Theoretical Analysis of Sparse Subspace Clustering with Missing Entries
This addresses a theoretical gap for researchers in machine learning and computer vision, but it is incremental as it extends existing SSC analysis to incomplete data.
The paper tackles the problem of Sparse Subspace Clustering (SSC) with missing data by providing theoretical guarantees and showing that projecting zero-filled data onto the observation pattern improves performance, with analytical establishment of this improvement.
Sparse Subspace Clustering (SSC) is a popular unsupervised machine learning method for clustering data lying close to an unknown union of low-dimensional linear subspaces; a problem with numerous applications in pattern recognition and computer vision.
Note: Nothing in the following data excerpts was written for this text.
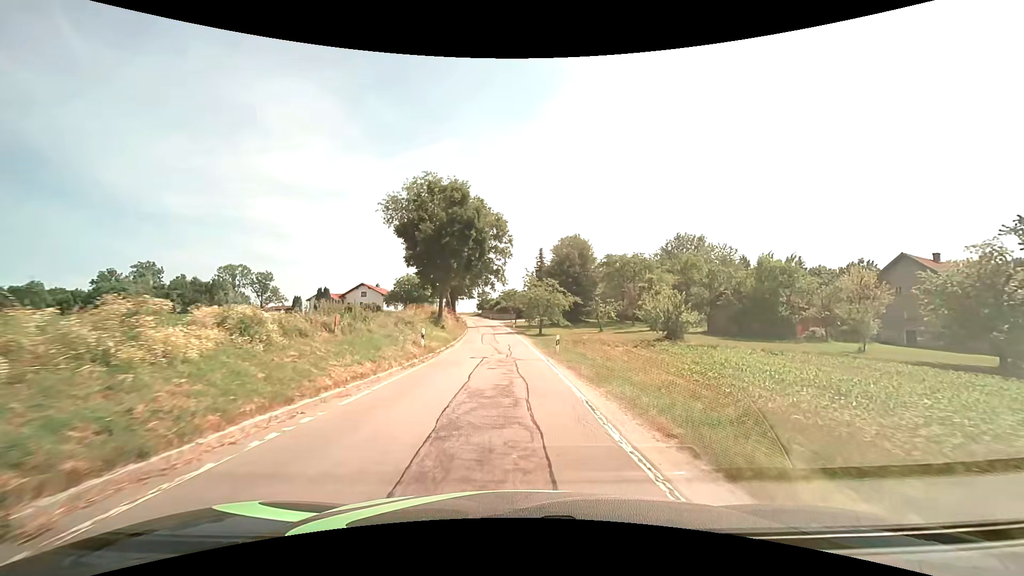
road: unclassified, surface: asphalt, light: Day
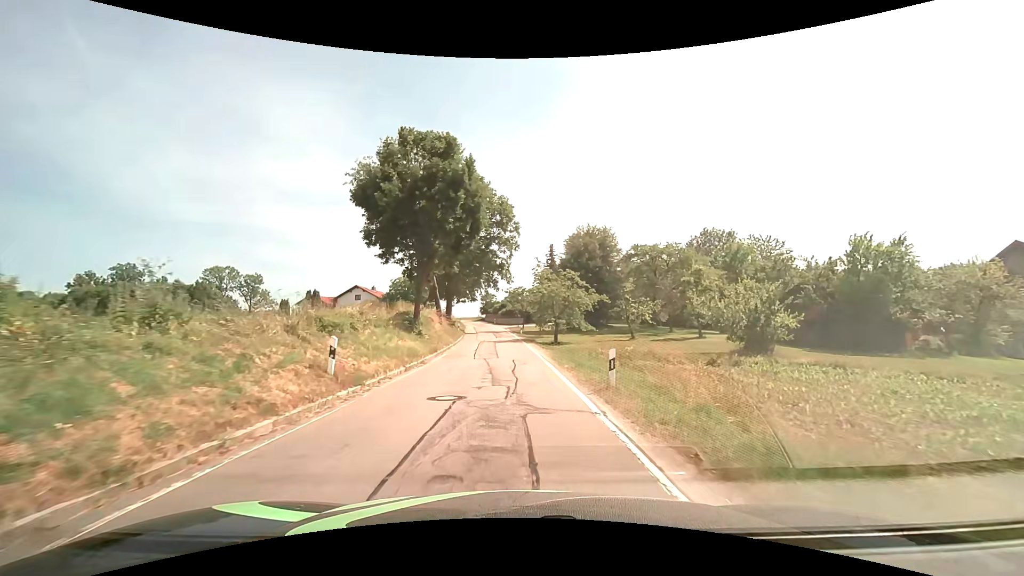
(-0.1, +11.5) m; -1°
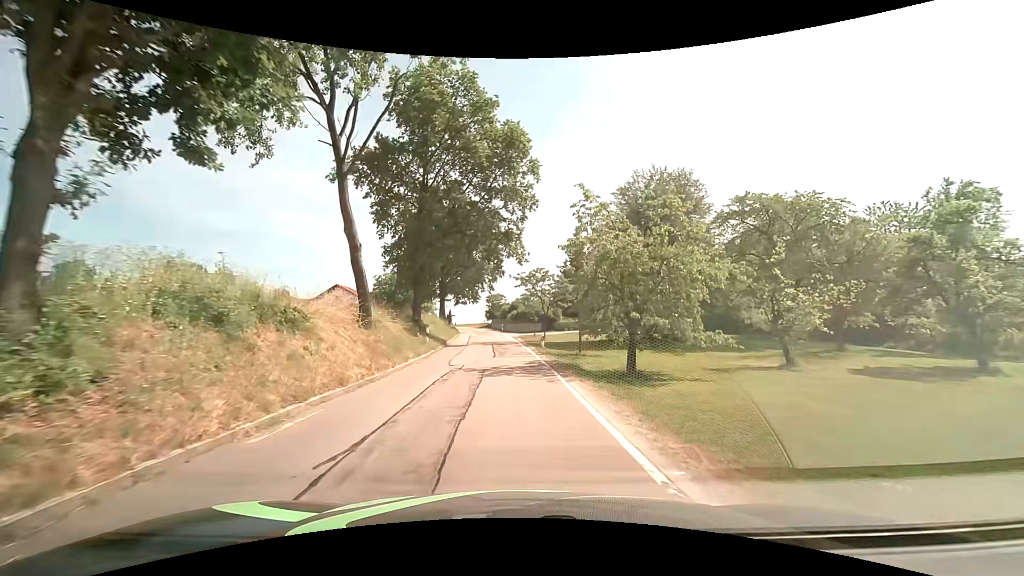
(-0.2, +22.3) m; -1°
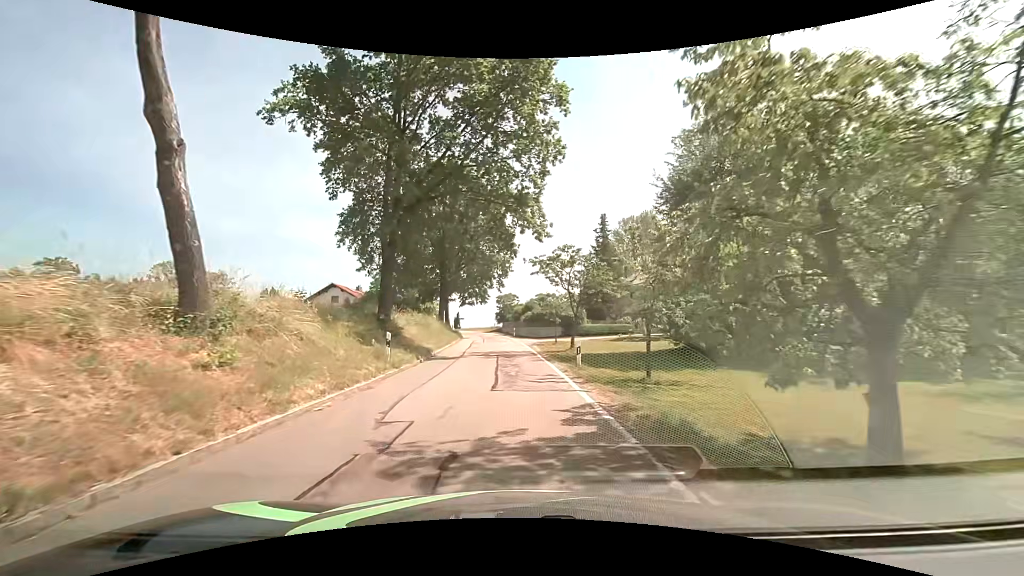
(-0.2, +10.5) m; -3°
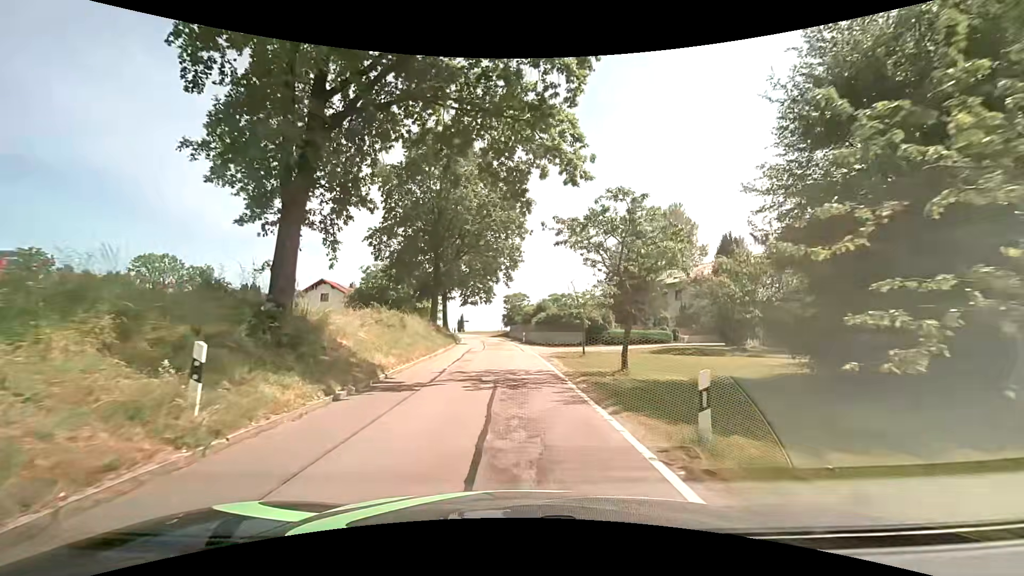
(0.0, +10.0) m; 0°
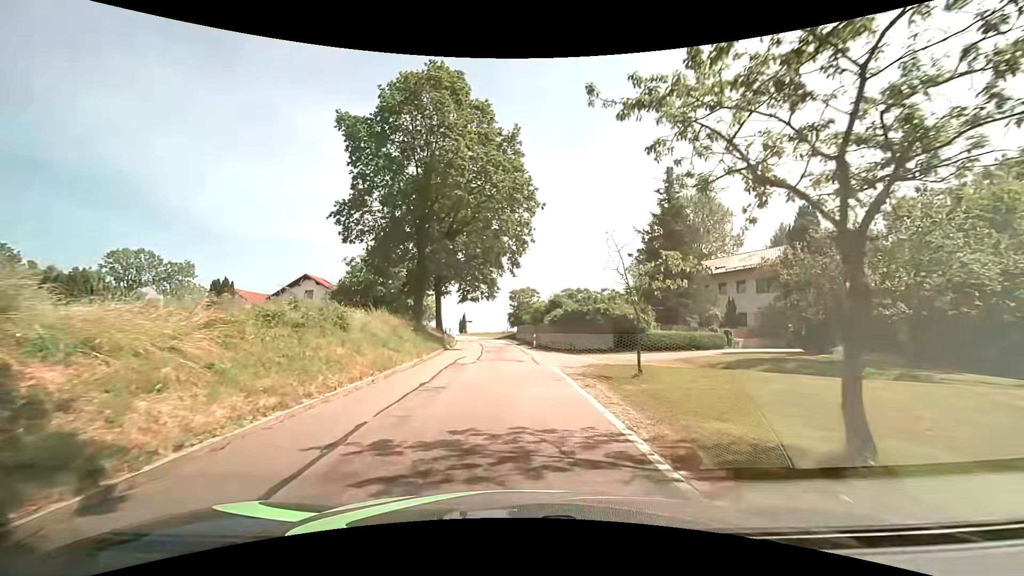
(0.0, +9.6) m; 0°
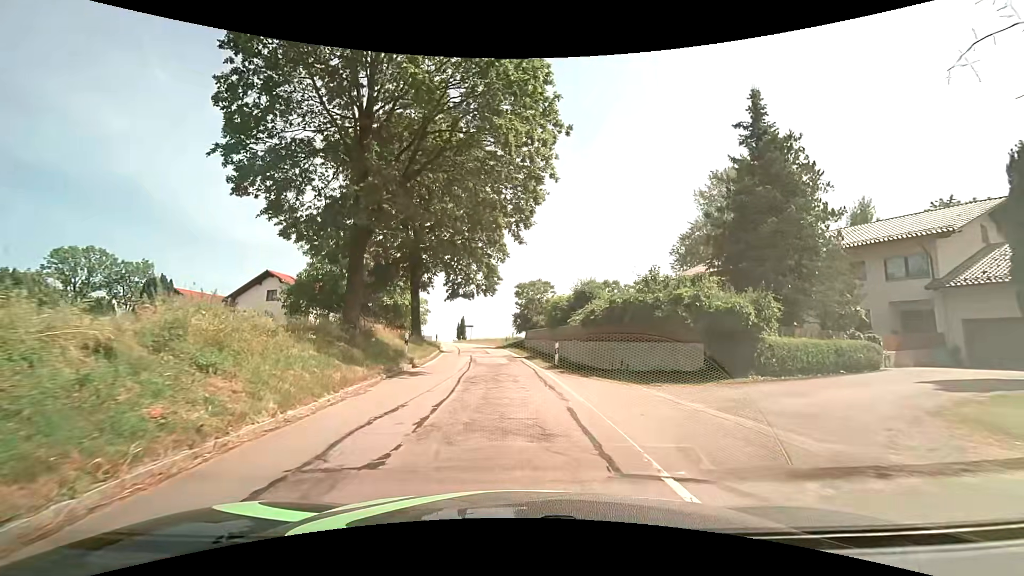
(-0.2, +13.7) m; -1°
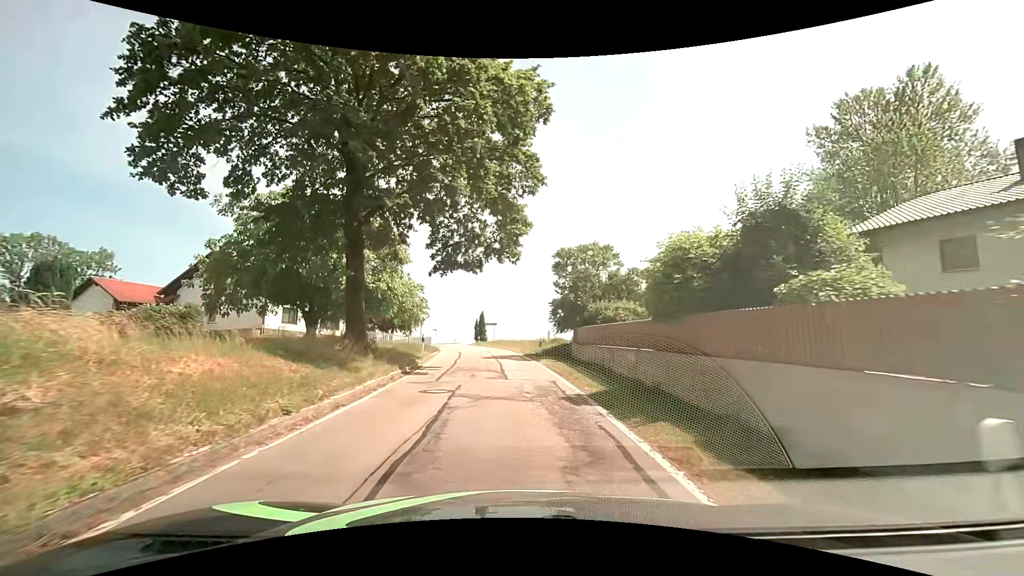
(-0.6, +17.7) m; -3°

Even though the behavior of SSC for complete data is by now well-understood, little is known about its theoretical properties when applied to data with missing entries. In this paper we give theoretical guarantees for SSC with incomplete data, and analytically establish that projecting the zero-filled data onto the observation pattern of the point being expressed leads to a substantial improvement in performance. The main insight that stems from our analysis is that even though the projection induces additional missing entries, this is counterbalanced by the fact that the projected and zero-filled data are in effect incomplete points associated with the union of the corresponding projected subspaces, with respect to which the point being expressed is complete. The significance of this phenomenon potentially extends to the entire class of self-expressive methods.